Healthcare & Health Literacy
Use HealthLiteracyPipeline to assess patient comprehension of health information, discharge instructions, and medication guidance.
import {
HealthLiteracyPipeline,
ClinicalPIIFilterPlugin,
HEALTH_LITERACY_COMPREHENSION_RUBRIC,
MEDICATION_INSTRUCTIONS_RUBRIC,
} from 'tekimax-omat';
const pipeline = new HealthLiteracyPipeline({
provider,
model: 'gpt-4o',
rubric: MEDICATION_INSTRUCTIONS_RUBRIC,
clinicalContext: 'Post-discharge instructions for metformin 500mg twice daily',
plugins: [new ClinicalPIIFilterPlugin()], // Redacts MRN, NPI, ICD-10, NDC, DEA, DOB
feedbackLanguage: 'es', // Generate feedback in Spanish
});
const feedback = await pipeline.assessPatient({
id: 'p-001',
modality: 'text',
text: 'I take one pill in the morning and one at night with food. I should not drink alcohol.',
language: 'en',
demographics: {
healthLiteracyLevel: 'basic',
limitedEnglishProficiency: true,
language: 'es',
ageGroup: 'older-adult',
careContext: 'primary-care',
},
});
console.log(feedback.strengths);
// ["Correctly identified dosing schedule", "Recognized the food requirement"]
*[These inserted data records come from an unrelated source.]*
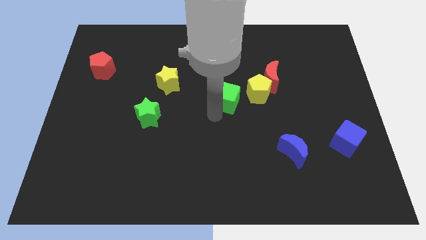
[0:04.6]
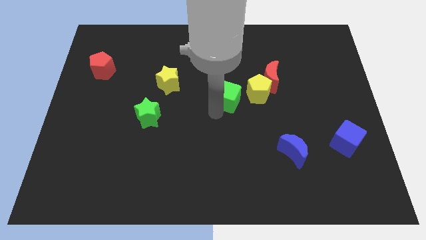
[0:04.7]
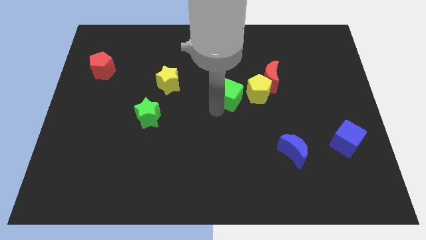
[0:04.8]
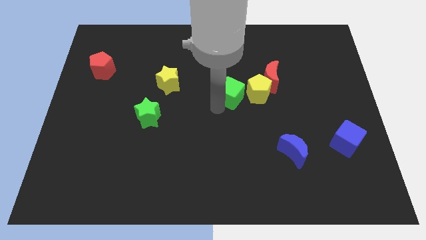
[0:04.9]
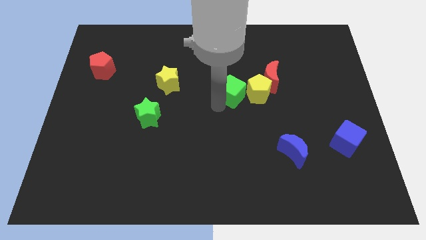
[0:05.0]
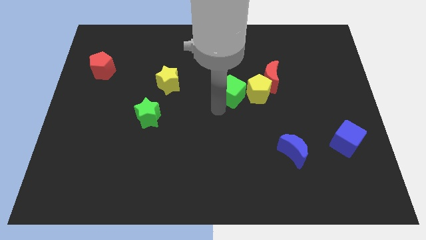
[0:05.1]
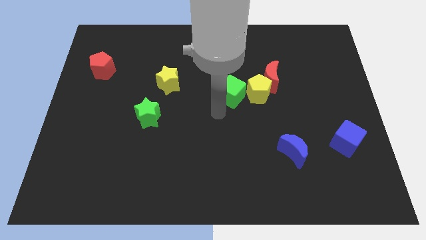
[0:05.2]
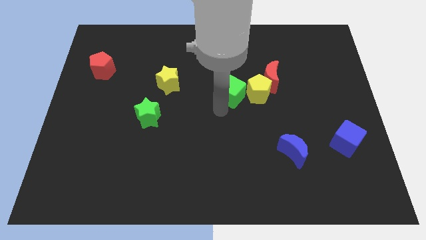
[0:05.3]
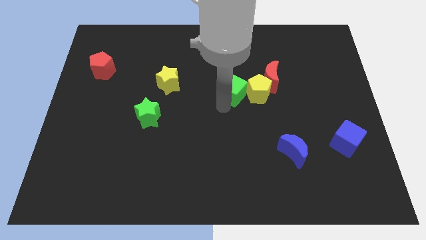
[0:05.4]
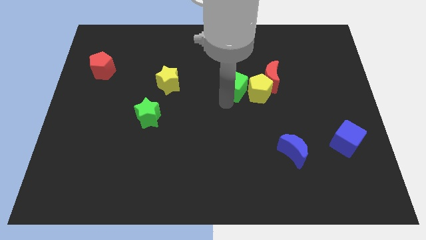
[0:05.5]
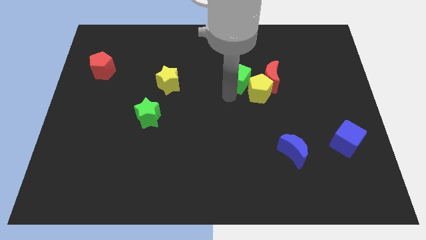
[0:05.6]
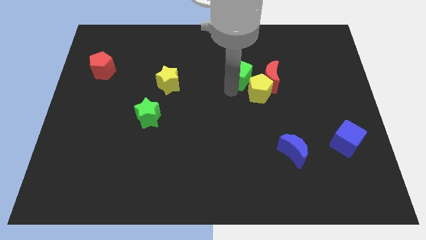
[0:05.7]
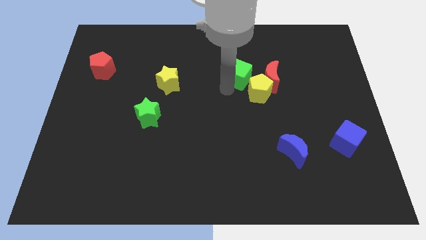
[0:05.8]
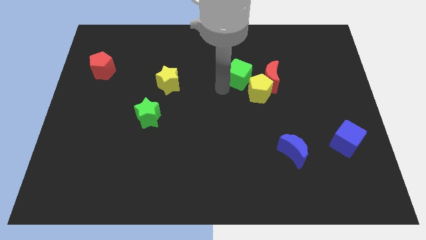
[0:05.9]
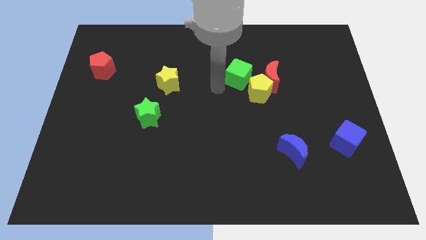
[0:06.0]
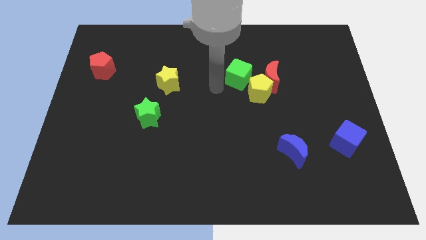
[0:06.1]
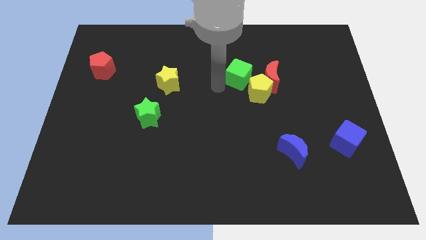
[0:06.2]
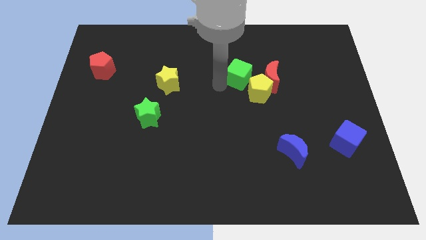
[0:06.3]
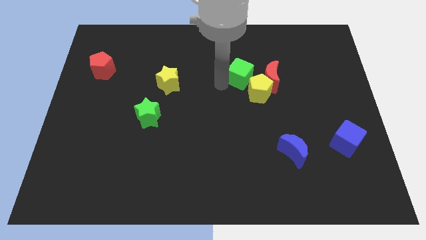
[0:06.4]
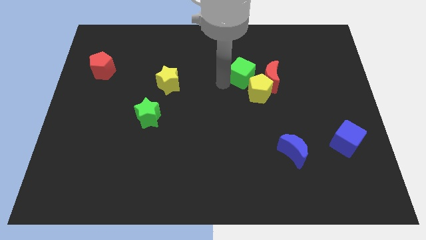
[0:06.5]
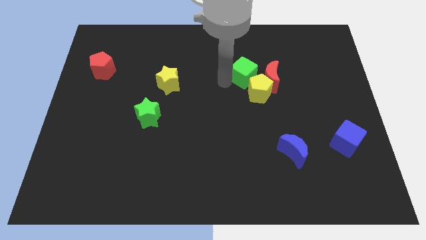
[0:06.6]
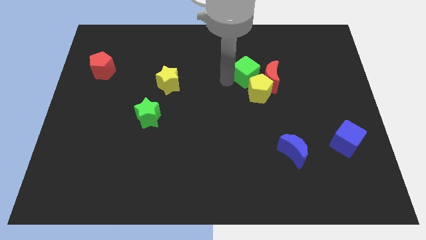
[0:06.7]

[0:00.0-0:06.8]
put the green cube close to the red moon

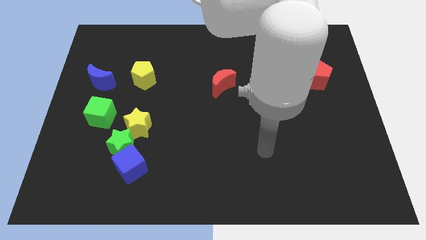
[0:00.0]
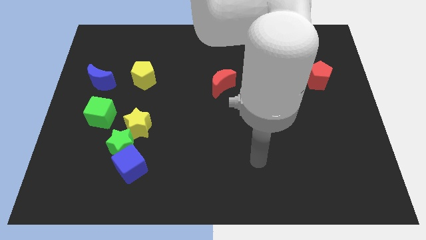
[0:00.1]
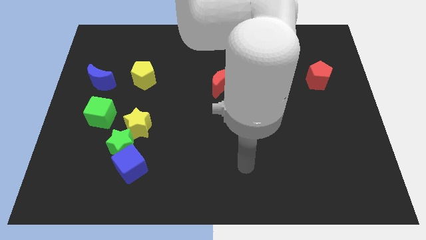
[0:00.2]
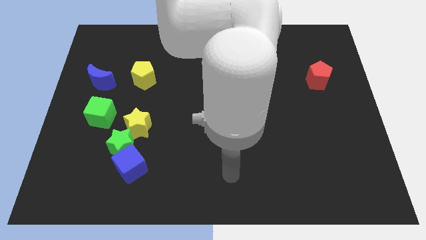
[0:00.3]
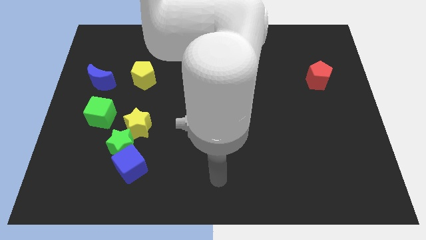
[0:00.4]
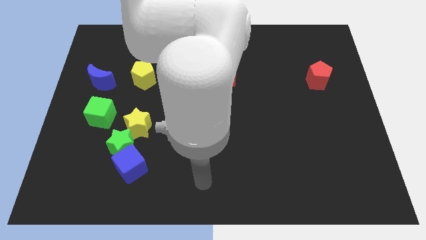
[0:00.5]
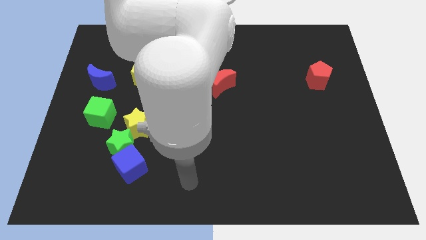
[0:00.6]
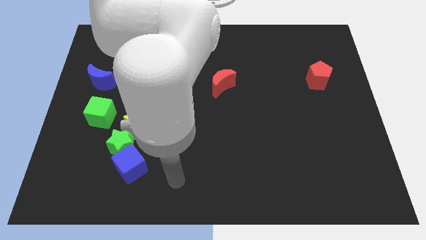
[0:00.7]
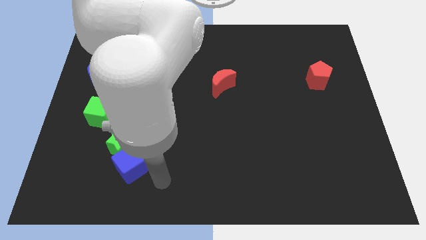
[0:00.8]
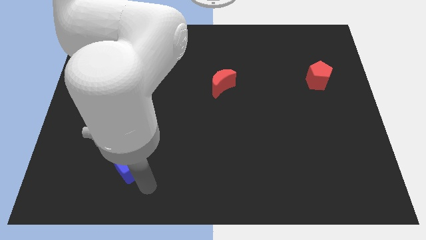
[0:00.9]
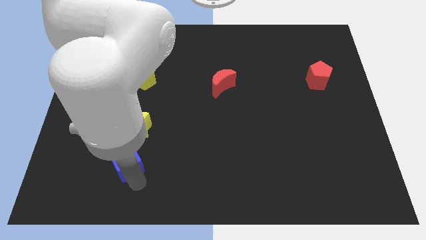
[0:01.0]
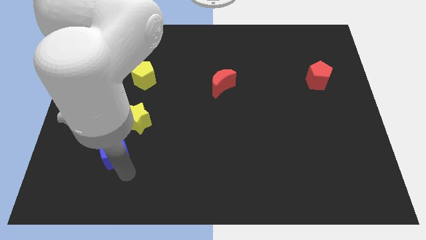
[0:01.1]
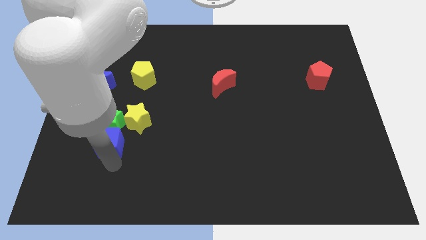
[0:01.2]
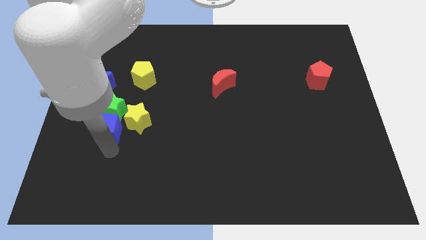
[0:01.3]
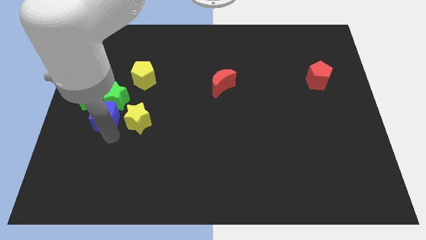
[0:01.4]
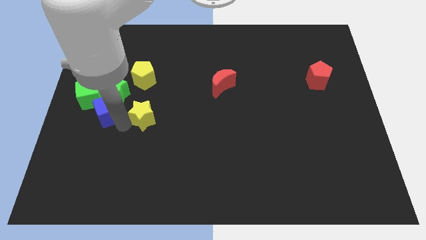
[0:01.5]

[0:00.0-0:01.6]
push the green star to the blue moon
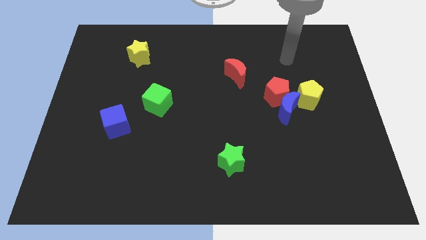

console.log(feedback.nextSteps);
// ["Ask your provider what to do if you forget a dose", "Learn the side effects to watch for"]Pre-built Rubrics
| Rubric | Use case |
|---|---|
HEALTH_LITERACY_COMPREHENSION_RUBRIC | General health information comprehension — recall, interpretation, action steps, safety signals |
MEDICATION_INSTRUCTIONS_RUBRIC | Medication adherence — dose/timing, interactions, side effects |
ClinicalPIIFilterPlugin — What Gets Redacted
| Identifier | Pattern | Example |
|---|---|---|
| MRN | MRN / MR# + 5–10 digits | MRN 1234567 → [REDACTED MRN] |
| NPI | NPI + 10 digits | NPI 1234567893 → [REDACTED NPI] |
| DEA | 2 letters + 7 digits | AB1234563 → [REDACTED DEA] |
| ICD-10 | Letter + 2 digits + optional decimal | M79.3, E11.9 → [REDACTED ICD10] |
| NDC | Drug code format XXXXX-XXXX-XX | 00071-0155-23 → [REDACTED NDC] |
| Date of birth | MM/DD/YYYY, MM-DD-YYYY | 03/15/1962 → [REDACTED DOB] |
| Insurance member ID | Member ID / Member # + alphanumeric | → [REDACTED MEMBER_ID] |
| Standard PII | Email, SSN, phone, card | Same as PIIFilterPlugin |
All patterns are ReDoS-safe (no nested quantifiers).